That is a very interesting question, and it depends how deep you want to take the inquiry as to what sort of answer you get.
Oliver Caspari gave a good and valid answer at one level.
If you go back to the beginning, evolution is the differential survival of the variants of something that can replicate with some degree of fidelity, in some set of contexts.
It seems very probable that the evolution of life really got under way with RNA molecules, then later DNA got added to the mix.
Since then it has been operating at multiple different levels simultaneously.
So it has the idea of the generation of variants, with some degree of randomness, and differential survival in different contexts.
Whenever there is sufficient threat from external factors that individual replicators can benefit more from cooperating against the external threats than competing with each other, then new levels of complexity can emerge, and every new level of complexity requires sets of attendant strategies to prevent being overwhelmed by cheating strategies. So evolution rapidly becomes a very complex strategic ecosystem at every level.
As modern human beings we seem to embody about 20 levels of such cooperative complexity. Thus in our case it is much more accurate to say that evolution is essentially about cooperation, rather than about competition, as the role of cooperative systems vastly outweighs the role of competitive systems in our survival both as individuals and as groups.
So back to the learning evolution question more directly.
What is learning?
It could be said to be the generation of pattern capable of being replicated, and the testing of that pattern in some context (either in our internal mental models of reality, or in action in reality itself), and a modification of the likely frequency of that pattern being expressed again (we either reinforce it, or we dampen it down).
So there is a sense in which learning can be thought of as high speed evolution of mimetic entities in some mix of intellectual and physical environments.
The more abstractly one defines it, the more recursive the notion becomes.
And evolution has been dealing with variations of “the halting problem” for a very long time, so we all have different sorts of mechanisms that prevent us from eternally chasing our intellectual “tails” down some recursive loop (in some people those mechanisms are so well developed that even a single loop is unlikely, in other people hunger and sleep deprivation will eventually drag them back some hours or days later).
So when one looks very closely at evolution, and at the factors that influence both the frequency and the cause of variation, then it becomes a very interesting picture indeed.
There is always some optimal rate of variation, that is always a balance between sufficient fidelity to maintain the levels of complexity already present, and sufficient novelty to cope with the variations in reality that inevitably happen from time to time.
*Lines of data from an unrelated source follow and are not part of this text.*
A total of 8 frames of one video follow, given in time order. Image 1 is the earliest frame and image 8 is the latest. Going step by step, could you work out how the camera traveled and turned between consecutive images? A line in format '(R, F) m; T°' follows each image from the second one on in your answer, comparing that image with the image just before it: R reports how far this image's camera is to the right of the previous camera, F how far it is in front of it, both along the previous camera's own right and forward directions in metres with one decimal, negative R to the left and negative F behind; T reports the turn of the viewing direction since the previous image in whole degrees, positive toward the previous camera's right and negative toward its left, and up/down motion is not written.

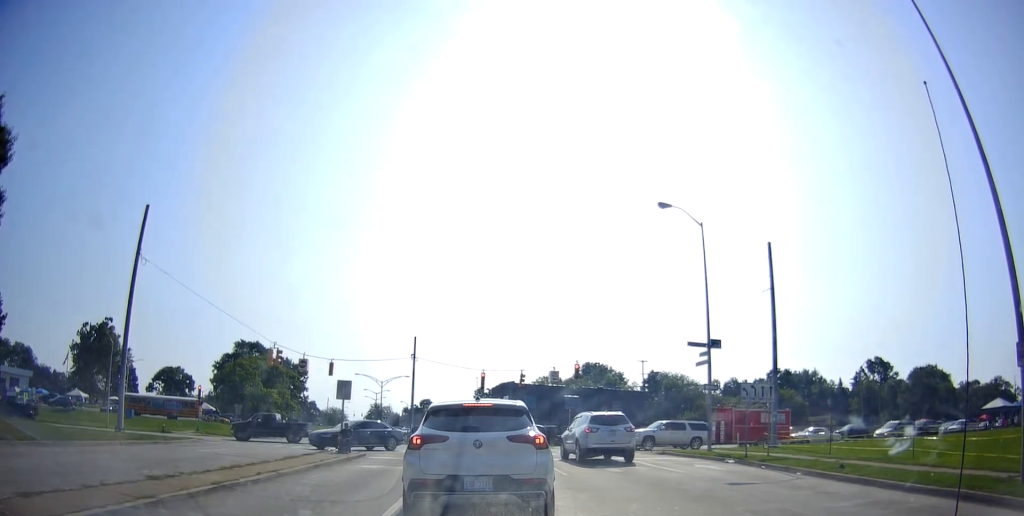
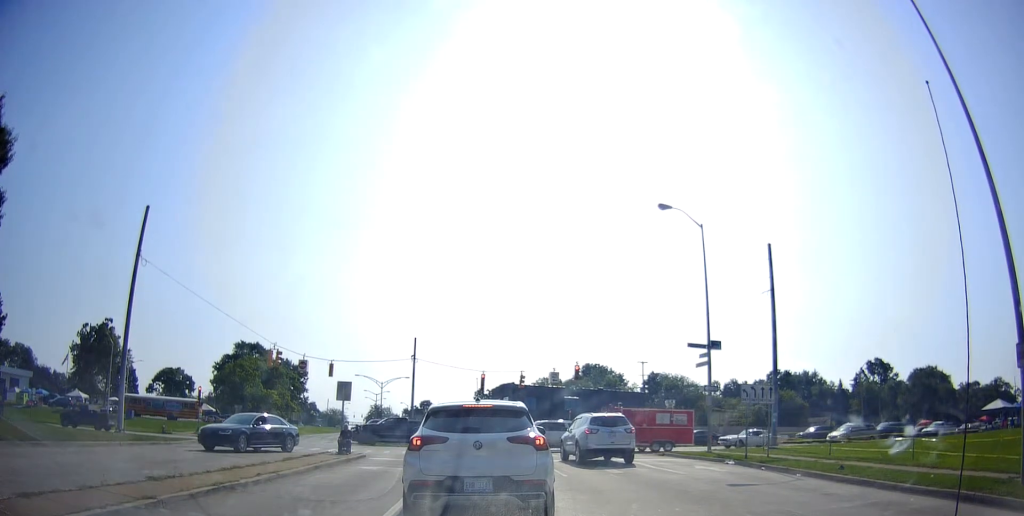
(0.0, 0.0) m; 0°
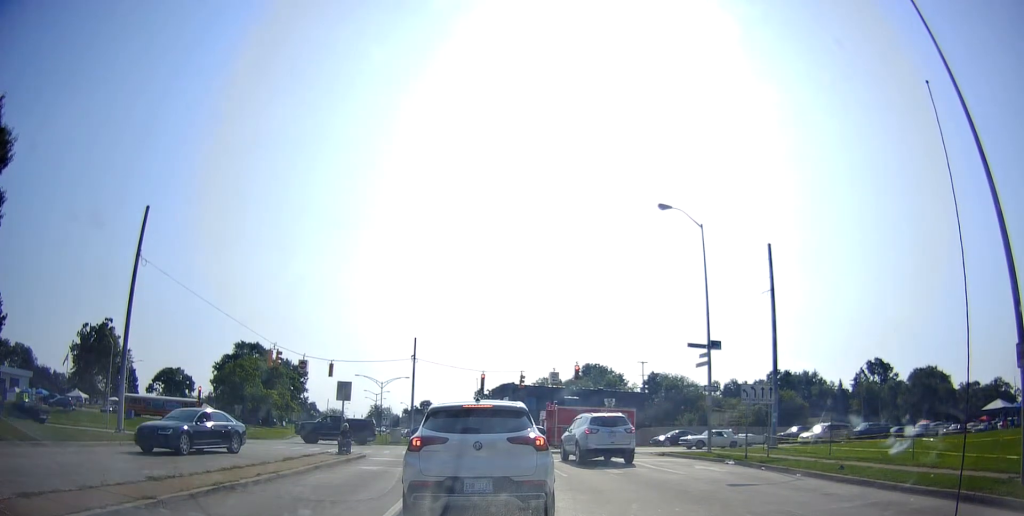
(0.0, 0.0) m; 0°
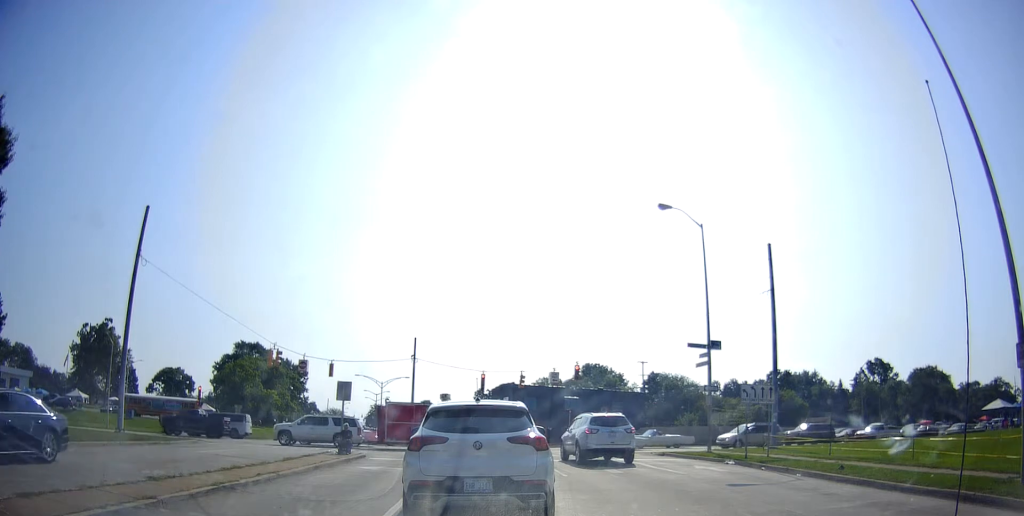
(0.0, 0.0) m; 0°
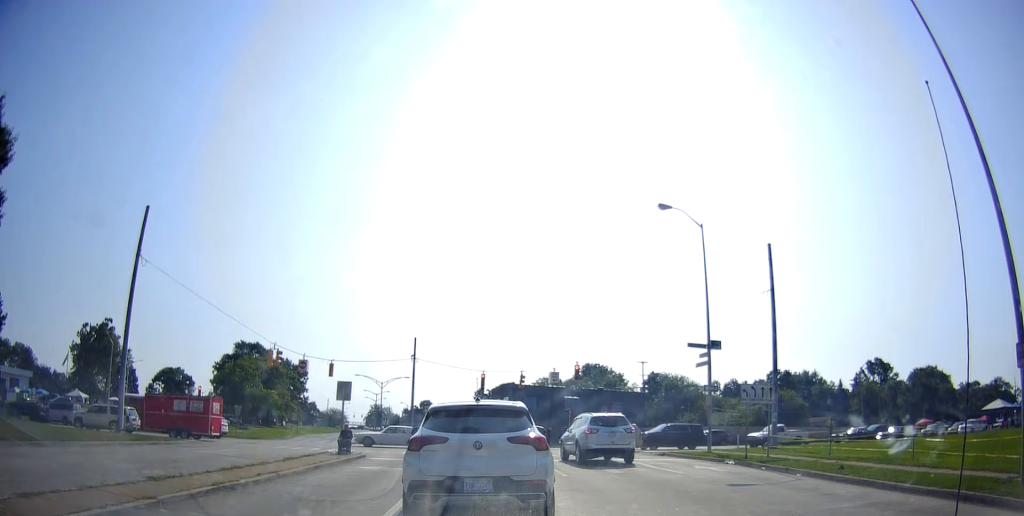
(0.0, 0.0) m; 0°
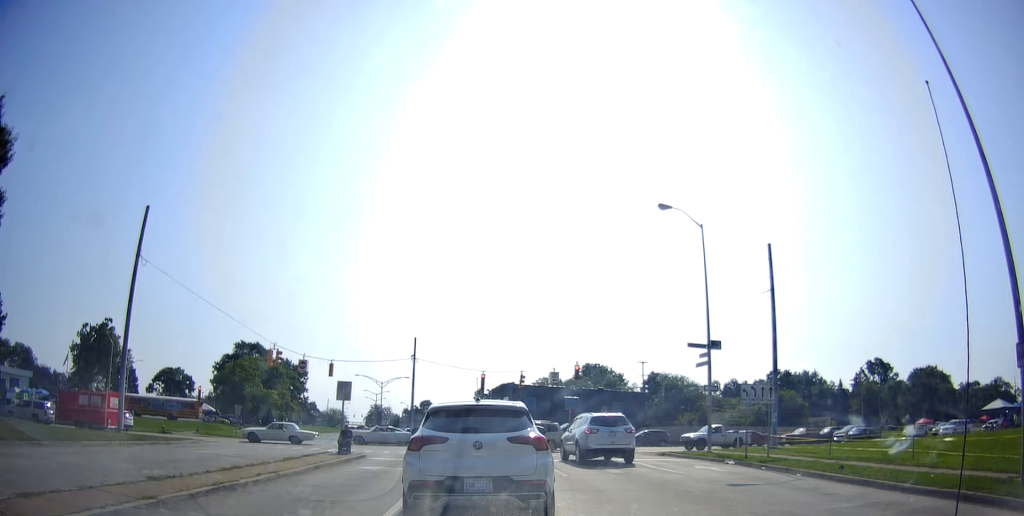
(0.0, 0.0) m; 0°
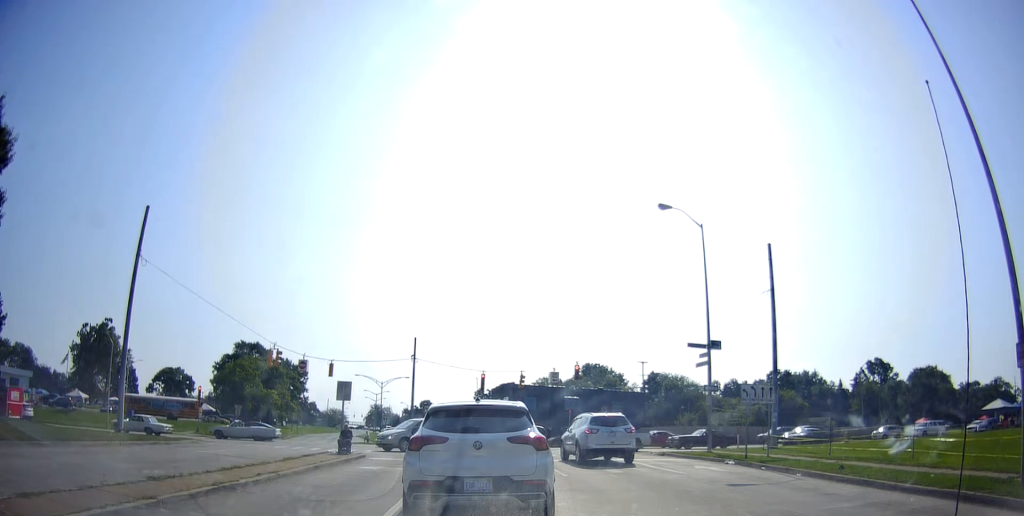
(0.0, 0.0) m; 0°
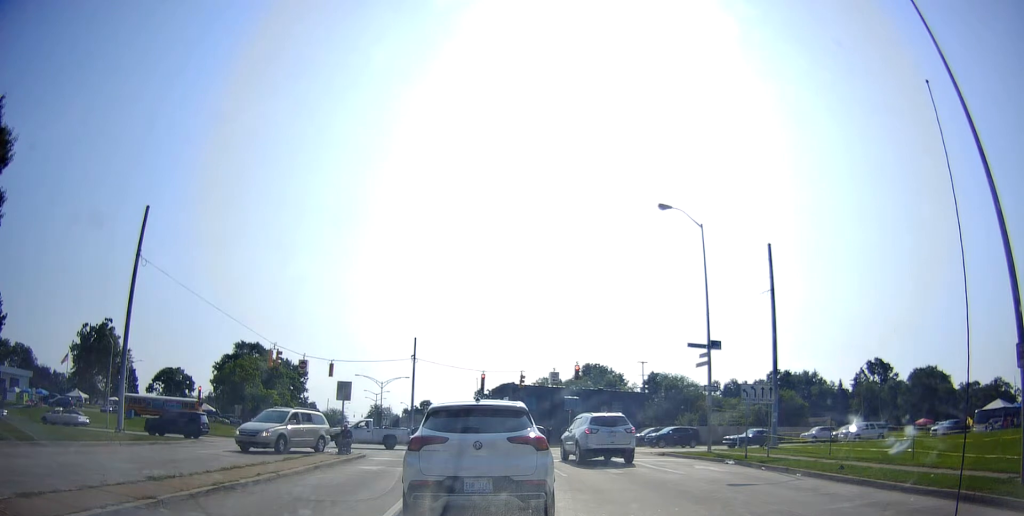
(0.0, 0.0) m; 0°

And that can get very complex with both directed and random sources of variation in different mixes in different contexts. And in this context I find something that emerged from database theory about a decade ago very interesting, that for a fully loaded processor, the most efficient possible search is the fully random search. And that throws up all sort of secondary issues as to how, with all our many levels of biases, we might approximate randomness. And this should give you some idea as to how complex it can get.
If you dig deep enough into everything about us, it all seems to come back to the differential survival of variants in some level of context; and there does not appear to be any end to the number of levels simultaneously possible.
And we all need to survive – every level.
Learning appears to be high level evolution; and evolution always embodies levels of complexity before any of the systems become conscious of such embodiment (there is no logical alternative – we are the result of such systems, not their cause, even as, with diligent practice, we become cause in the matter of our own form, at least to the degree that we do).